[Action item]:
Ignoring the pictures, copy the data exactly.

=====

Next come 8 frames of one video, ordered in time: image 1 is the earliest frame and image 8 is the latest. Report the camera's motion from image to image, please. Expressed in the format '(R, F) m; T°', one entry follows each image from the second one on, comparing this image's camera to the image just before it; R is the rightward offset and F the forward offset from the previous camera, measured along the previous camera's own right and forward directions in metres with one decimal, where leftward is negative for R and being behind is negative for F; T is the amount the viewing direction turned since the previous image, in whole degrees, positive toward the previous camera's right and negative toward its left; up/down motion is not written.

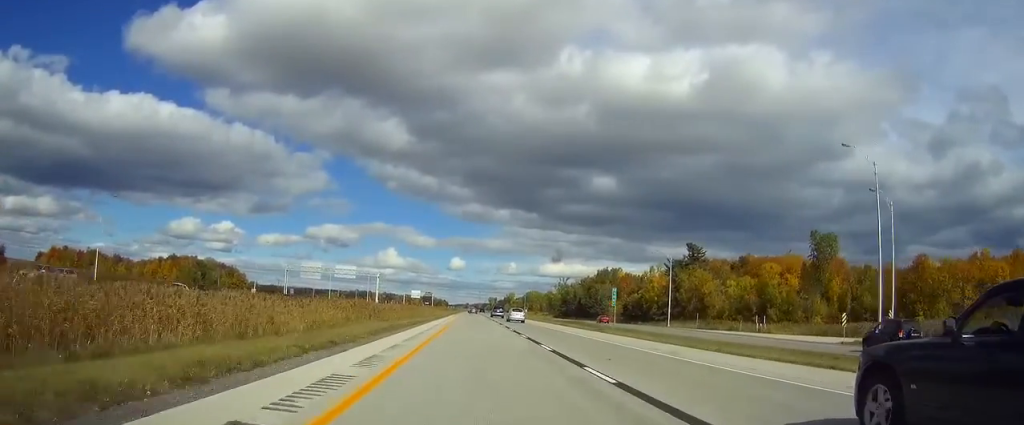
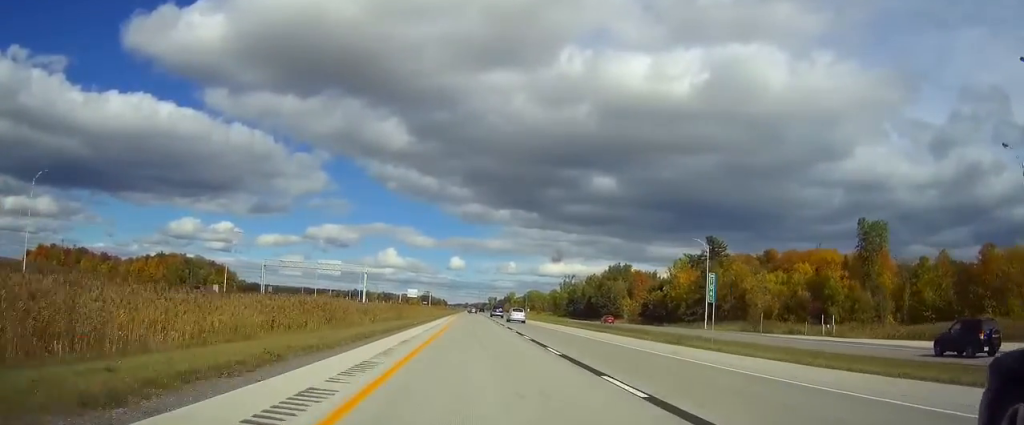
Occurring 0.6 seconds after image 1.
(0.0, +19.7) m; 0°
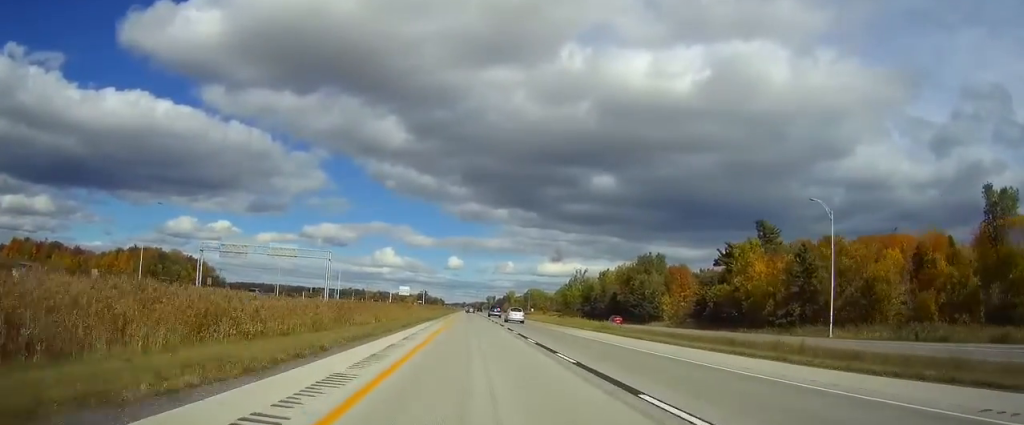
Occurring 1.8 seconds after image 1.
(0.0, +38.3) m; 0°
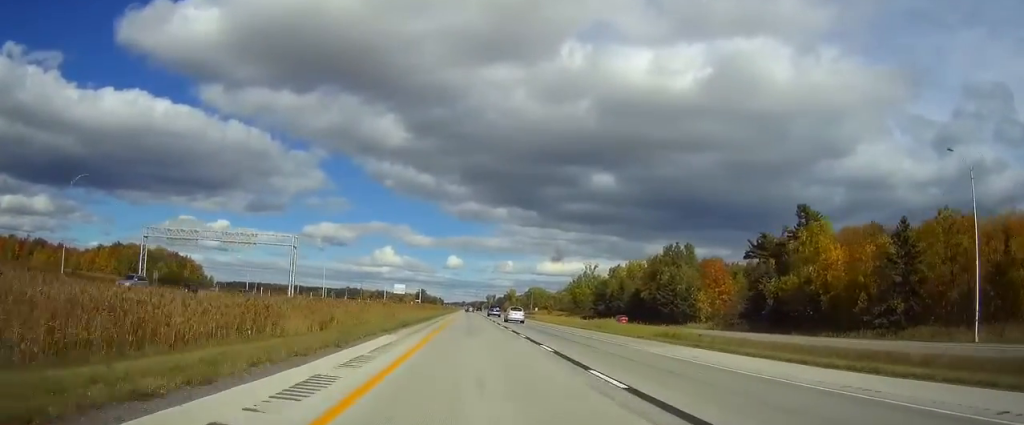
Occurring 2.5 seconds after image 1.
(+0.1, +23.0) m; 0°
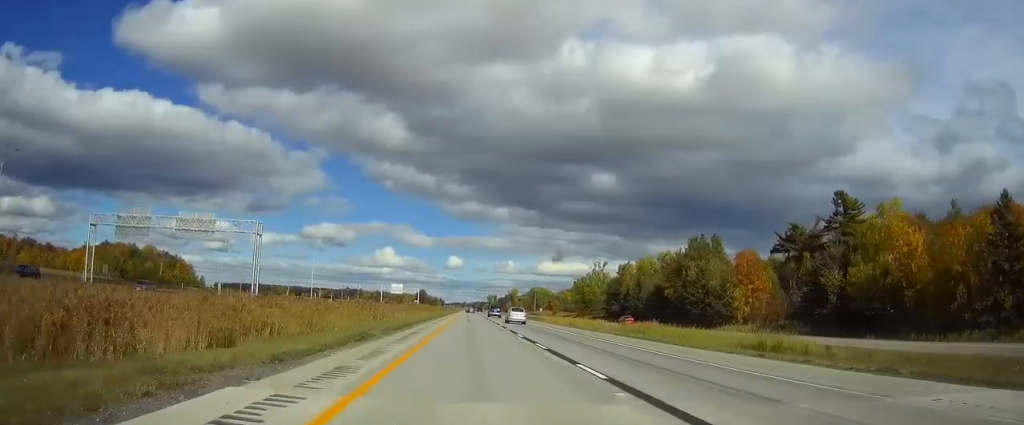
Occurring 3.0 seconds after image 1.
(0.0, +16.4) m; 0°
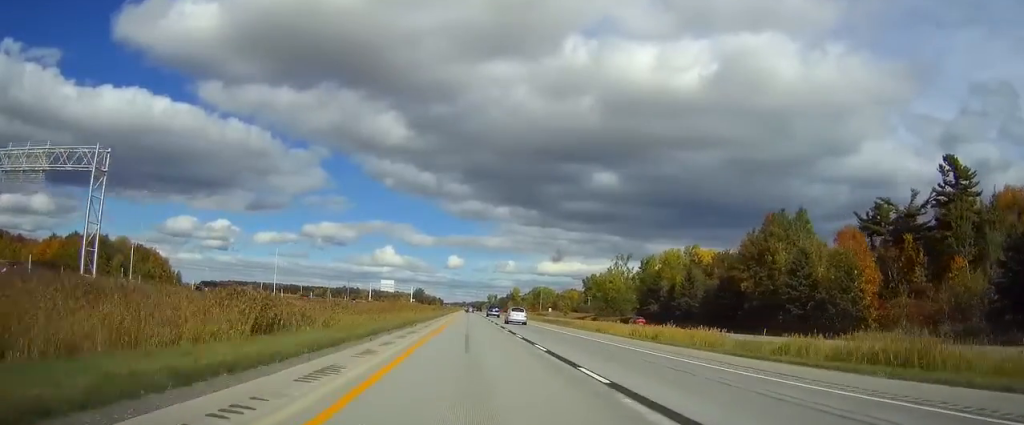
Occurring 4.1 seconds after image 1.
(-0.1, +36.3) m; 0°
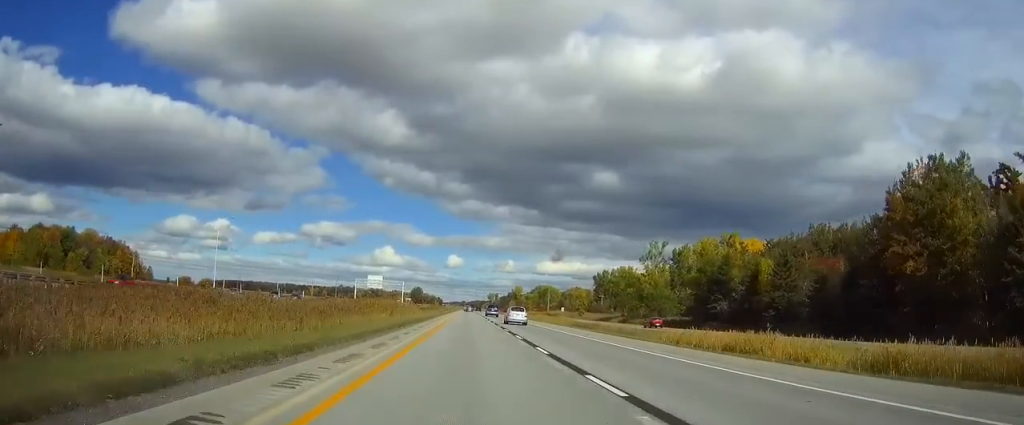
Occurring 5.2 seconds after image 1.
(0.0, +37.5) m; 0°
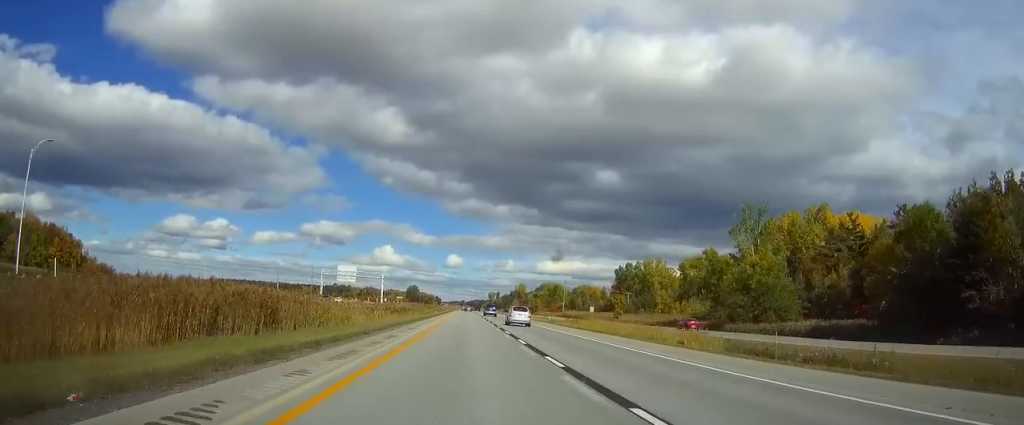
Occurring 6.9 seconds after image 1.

=====

[Result below]:
Next come 8 frames of one video, ordered in time: image 1 is the earliest frame and image 8 is the latest. Report the camera's motion from image to image, please. Expressed in the format '(R, F) m; T°', one entry follows each image from the second one on, comparing this image's camera to the image just before it; R is the rightward offset and F the forward offset from the previous camera, measured along the previous camera's own right and forward directions in metres with one decimal, where leftward is negative for R and being behind is negative for F; T is the amount the viewing direction turned since the previous image, in whole degrees, positive toward the previous camera's right and negative toward its left; up/down motion is not written.

Occurring 0.6 seconds after image 1.
(0.0, +19.7) m; 0°
Occurring 1.8 seconds after image 1.
(0.0, +38.3) m; 0°
Occurring 2.5 seconds after image 1.
(+0.1, +23.0) m; 0°
Occurring 3.0 seconds after image 1.
(0.0, +16.4) m; 0°
Occurring 4.1 seconds after image 1.
(-0.1, +36.3) m; 0°
Occurring 5.2 seconds after image 1.
(0.0, +37.5) m; 0°
Occurring 6.9 seconds after image 1.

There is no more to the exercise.